- YOUR TASK: Locate the string "xlink" in the listing below. Copy every line where it is found.

- GIVEN RECORDS:
◇ ◇ ◇ ◇ ◇ ◇ ◇

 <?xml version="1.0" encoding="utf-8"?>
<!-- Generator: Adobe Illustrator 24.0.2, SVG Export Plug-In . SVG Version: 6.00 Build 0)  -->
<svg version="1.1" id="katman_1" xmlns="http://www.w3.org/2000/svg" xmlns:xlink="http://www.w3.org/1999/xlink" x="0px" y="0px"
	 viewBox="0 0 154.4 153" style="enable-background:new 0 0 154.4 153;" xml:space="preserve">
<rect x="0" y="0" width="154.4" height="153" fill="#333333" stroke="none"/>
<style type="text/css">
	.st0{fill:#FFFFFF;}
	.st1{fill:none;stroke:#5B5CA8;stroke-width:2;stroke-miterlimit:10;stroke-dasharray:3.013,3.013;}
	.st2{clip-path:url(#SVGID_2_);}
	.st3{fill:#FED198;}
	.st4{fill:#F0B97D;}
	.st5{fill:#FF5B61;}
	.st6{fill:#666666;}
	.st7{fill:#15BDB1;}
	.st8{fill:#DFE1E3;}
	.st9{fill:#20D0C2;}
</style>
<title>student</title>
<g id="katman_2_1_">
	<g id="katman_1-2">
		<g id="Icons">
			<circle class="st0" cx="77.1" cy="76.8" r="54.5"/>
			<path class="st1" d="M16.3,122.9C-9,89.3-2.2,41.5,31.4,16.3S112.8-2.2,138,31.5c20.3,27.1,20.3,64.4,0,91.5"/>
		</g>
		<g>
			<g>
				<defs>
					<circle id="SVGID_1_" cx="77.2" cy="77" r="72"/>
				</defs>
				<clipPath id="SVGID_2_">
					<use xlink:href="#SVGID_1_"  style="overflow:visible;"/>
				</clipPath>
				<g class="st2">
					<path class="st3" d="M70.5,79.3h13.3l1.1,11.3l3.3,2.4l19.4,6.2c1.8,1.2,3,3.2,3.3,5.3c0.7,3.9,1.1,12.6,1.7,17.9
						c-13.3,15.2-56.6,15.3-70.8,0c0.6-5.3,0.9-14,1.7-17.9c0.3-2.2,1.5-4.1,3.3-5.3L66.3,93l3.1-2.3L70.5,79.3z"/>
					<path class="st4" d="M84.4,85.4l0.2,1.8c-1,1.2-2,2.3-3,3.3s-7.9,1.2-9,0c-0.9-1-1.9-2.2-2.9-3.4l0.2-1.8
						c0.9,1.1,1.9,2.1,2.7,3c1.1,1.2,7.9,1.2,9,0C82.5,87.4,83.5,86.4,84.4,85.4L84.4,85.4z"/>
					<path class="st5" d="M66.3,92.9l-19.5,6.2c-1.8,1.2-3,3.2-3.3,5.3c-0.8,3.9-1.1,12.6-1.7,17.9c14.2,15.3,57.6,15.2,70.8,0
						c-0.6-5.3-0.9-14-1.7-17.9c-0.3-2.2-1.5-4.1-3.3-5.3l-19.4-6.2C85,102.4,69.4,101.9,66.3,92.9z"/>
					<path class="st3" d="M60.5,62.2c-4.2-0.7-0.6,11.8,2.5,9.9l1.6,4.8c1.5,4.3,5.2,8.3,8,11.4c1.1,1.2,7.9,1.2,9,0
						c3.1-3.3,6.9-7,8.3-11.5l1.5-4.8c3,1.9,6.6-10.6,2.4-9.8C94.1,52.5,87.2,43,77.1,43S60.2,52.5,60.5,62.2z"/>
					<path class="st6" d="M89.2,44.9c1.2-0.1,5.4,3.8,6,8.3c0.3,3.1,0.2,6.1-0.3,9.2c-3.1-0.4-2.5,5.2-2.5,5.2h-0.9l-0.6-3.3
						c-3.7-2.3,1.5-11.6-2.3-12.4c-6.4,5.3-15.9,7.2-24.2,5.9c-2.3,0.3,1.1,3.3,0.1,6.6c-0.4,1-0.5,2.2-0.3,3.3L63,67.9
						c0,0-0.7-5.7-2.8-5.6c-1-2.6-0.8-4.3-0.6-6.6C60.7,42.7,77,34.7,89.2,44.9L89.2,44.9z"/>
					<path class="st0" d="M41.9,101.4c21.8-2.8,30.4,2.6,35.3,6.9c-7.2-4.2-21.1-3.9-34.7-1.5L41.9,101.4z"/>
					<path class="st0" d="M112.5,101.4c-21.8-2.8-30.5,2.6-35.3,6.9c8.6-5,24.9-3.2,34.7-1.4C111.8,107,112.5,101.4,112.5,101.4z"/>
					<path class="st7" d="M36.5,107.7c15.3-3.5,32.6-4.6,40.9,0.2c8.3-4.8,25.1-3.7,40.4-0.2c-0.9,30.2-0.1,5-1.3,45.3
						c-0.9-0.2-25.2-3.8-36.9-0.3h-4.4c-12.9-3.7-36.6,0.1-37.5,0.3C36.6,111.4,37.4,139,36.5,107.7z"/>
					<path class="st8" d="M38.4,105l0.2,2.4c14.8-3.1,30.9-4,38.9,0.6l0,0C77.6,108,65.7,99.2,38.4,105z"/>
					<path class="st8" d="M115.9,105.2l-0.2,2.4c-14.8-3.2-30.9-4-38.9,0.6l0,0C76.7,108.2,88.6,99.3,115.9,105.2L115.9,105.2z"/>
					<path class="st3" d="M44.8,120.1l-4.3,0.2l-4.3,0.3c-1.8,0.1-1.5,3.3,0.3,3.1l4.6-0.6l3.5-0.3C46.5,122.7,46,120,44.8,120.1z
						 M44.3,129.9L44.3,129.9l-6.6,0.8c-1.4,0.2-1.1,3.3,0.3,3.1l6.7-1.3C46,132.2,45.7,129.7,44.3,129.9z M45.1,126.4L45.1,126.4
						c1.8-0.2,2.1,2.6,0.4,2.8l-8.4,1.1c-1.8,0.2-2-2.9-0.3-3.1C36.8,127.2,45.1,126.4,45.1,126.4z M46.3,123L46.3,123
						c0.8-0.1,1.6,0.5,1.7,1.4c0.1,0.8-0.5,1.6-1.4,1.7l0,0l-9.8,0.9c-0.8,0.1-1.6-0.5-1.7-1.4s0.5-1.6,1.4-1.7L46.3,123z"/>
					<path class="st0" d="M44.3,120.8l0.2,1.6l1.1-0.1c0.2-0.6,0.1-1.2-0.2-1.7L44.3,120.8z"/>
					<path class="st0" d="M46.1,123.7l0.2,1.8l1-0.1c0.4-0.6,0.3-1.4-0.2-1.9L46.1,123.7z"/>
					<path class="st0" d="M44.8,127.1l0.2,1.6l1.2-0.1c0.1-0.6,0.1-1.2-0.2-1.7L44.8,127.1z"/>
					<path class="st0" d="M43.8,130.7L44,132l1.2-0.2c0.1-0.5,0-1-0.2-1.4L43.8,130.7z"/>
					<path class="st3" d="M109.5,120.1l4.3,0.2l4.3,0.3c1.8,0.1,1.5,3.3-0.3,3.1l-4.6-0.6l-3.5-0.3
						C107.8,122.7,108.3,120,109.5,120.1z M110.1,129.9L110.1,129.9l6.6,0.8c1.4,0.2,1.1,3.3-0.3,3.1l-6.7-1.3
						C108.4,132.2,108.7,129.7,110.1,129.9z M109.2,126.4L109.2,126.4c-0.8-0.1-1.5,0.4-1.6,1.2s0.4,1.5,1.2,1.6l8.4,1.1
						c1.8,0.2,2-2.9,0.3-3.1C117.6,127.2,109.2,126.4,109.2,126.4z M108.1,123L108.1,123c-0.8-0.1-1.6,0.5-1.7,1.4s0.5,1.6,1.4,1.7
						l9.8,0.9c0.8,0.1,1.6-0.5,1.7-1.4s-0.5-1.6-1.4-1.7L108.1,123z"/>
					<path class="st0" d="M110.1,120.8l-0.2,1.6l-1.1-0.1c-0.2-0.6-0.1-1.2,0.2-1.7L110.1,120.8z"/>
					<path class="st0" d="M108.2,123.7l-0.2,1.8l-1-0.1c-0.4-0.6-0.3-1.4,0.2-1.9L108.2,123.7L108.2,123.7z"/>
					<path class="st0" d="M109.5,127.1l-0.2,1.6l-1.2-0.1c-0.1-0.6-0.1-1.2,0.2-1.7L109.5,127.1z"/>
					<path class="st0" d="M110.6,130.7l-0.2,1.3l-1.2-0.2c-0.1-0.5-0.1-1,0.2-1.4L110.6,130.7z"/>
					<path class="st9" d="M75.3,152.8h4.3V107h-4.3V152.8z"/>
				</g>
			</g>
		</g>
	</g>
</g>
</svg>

◇ ◇ ◇ ◇ ◇ ◇ ◇

- TASK RESPONSE:
<svg version="1.1" id="katman_1" xmlns="http://www.w3.org/2000/svg" xmlns:xlink="http://www.w3.org/1999/xlink" x="0px" y="0px"
					<use xlink:href="#SVGID_1_"  style="overflow:visible;"/>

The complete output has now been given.